Output, word for word, every line from the line with "gpt: The overpass" through the final line of the data below.

--- START ---

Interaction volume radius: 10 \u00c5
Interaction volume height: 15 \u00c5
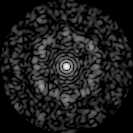
Disorder parameter: 0.7441
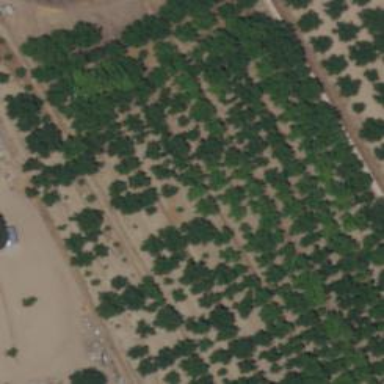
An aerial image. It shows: Orchard.
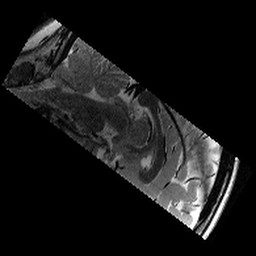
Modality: T2w
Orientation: sagittal
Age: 10
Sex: female
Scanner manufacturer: siemens
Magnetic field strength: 3 T
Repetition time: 9.23 s
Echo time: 0.067 s
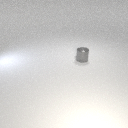
small gray metal cylinder
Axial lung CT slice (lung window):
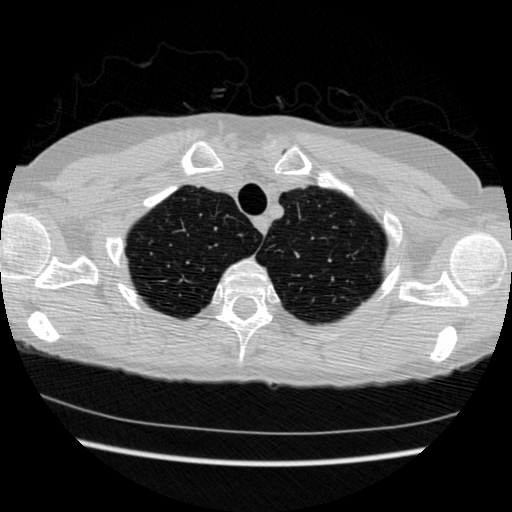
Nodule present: no
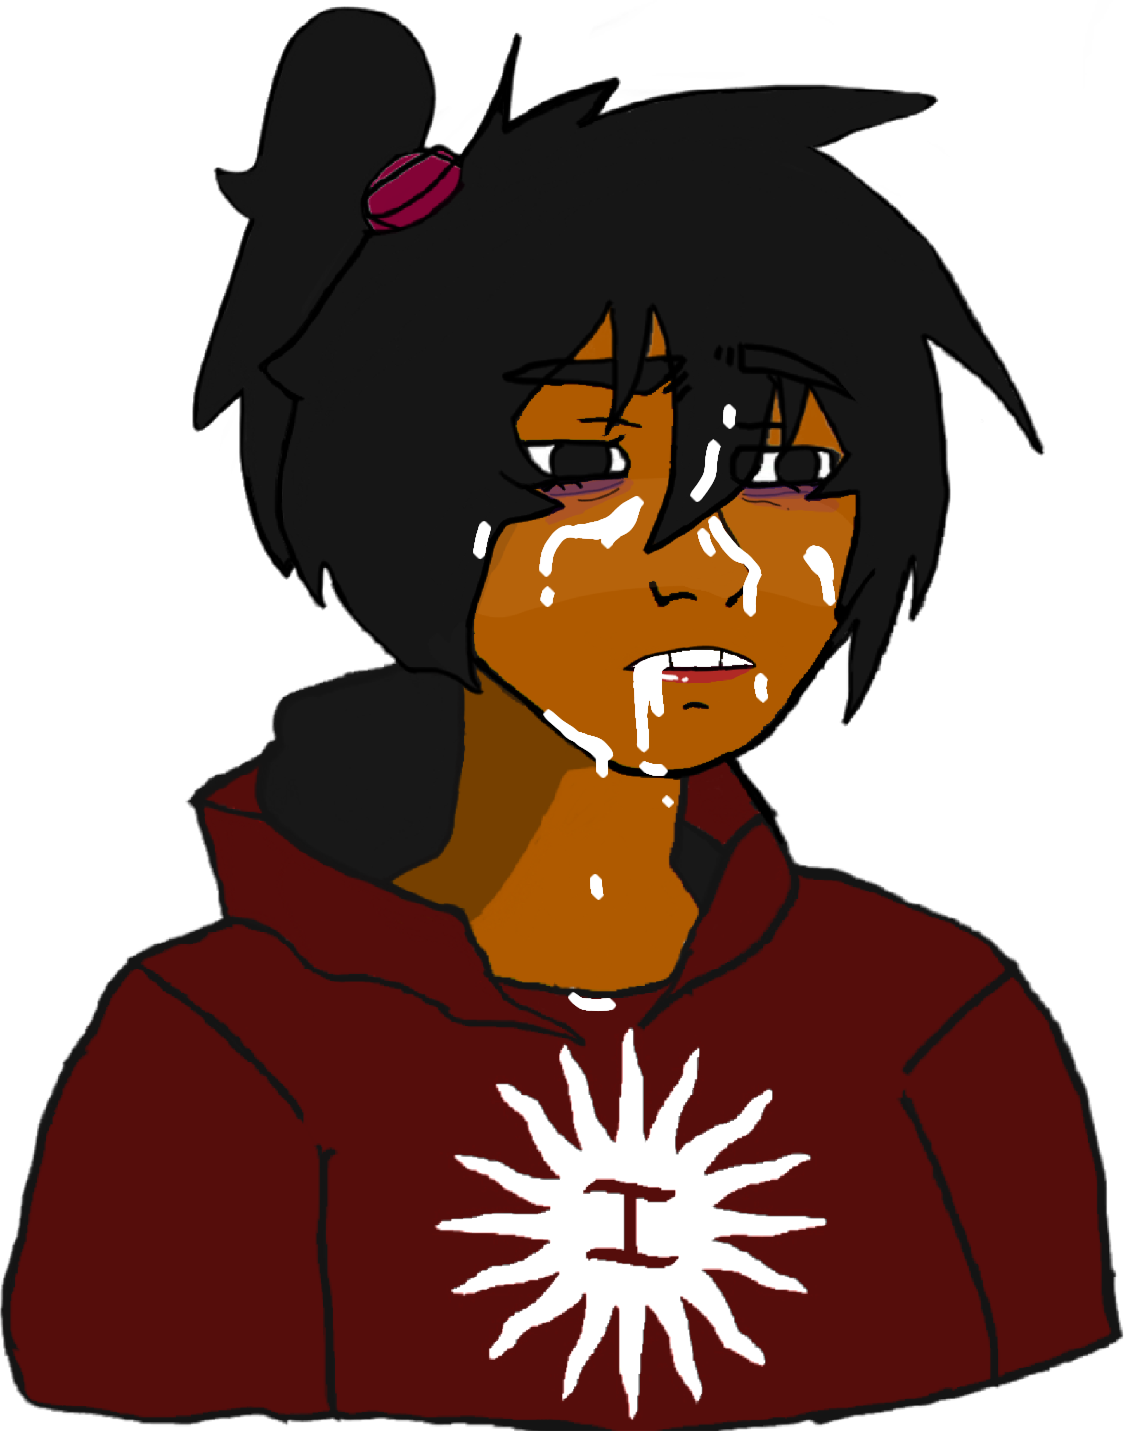
Label: 5_Twinkjak
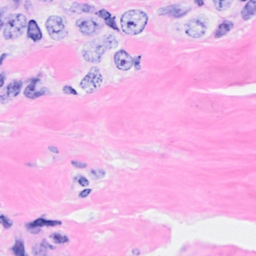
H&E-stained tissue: Breast
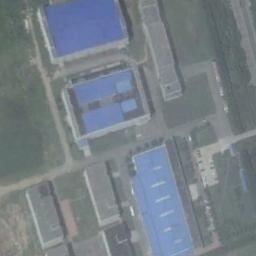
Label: industrial_area
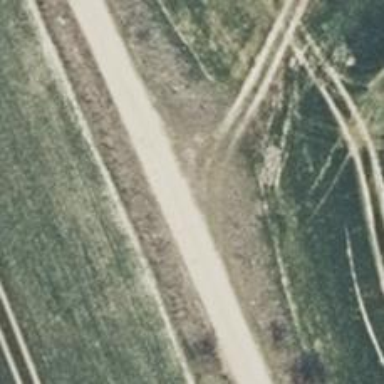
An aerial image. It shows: Track with grade 4 track type.
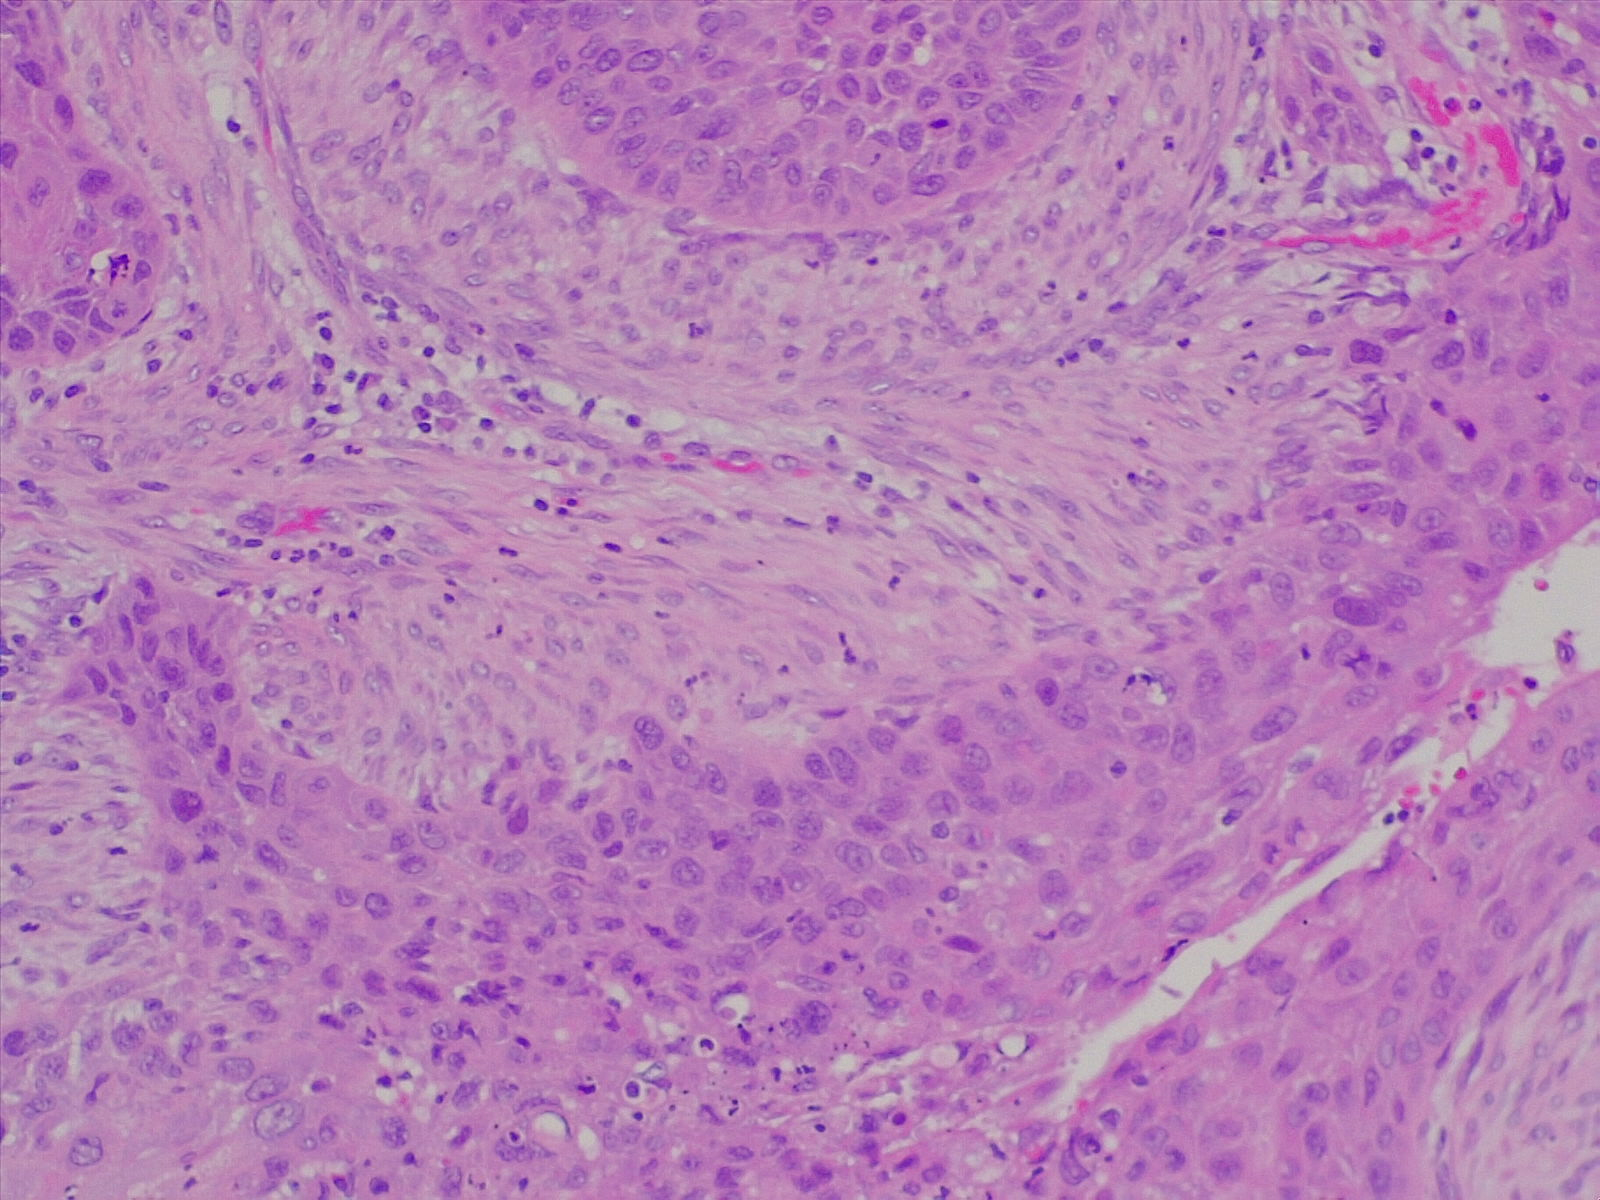
Label: lung squamous cell carcinoma, well differentiated
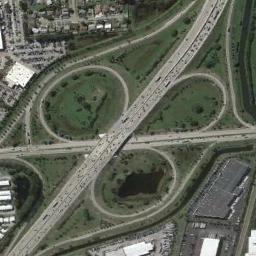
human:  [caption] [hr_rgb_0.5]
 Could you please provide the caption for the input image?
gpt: The clover-leaf overpasses over the roads on the lawn and the overpass is surrounded by lots of buildings .

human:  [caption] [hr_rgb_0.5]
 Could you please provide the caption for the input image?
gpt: There are many trees and buildings beside the overpass .

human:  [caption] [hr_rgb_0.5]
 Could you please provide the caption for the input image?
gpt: Two overpasses and a road cross here .

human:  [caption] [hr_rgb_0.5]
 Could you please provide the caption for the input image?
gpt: The overpass is on the grass next to some houses .

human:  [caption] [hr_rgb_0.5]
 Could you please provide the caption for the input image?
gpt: There are some green meadows and buildings around the overpass .

--- END ---

Written answer:
gpt: The overpass is on the grass next to some houses .

human:  [caption] [hr_rgb_0.5]
 Could you please provide the caption for the input image?
gpt: There are some green meadows and buildings around the overpass .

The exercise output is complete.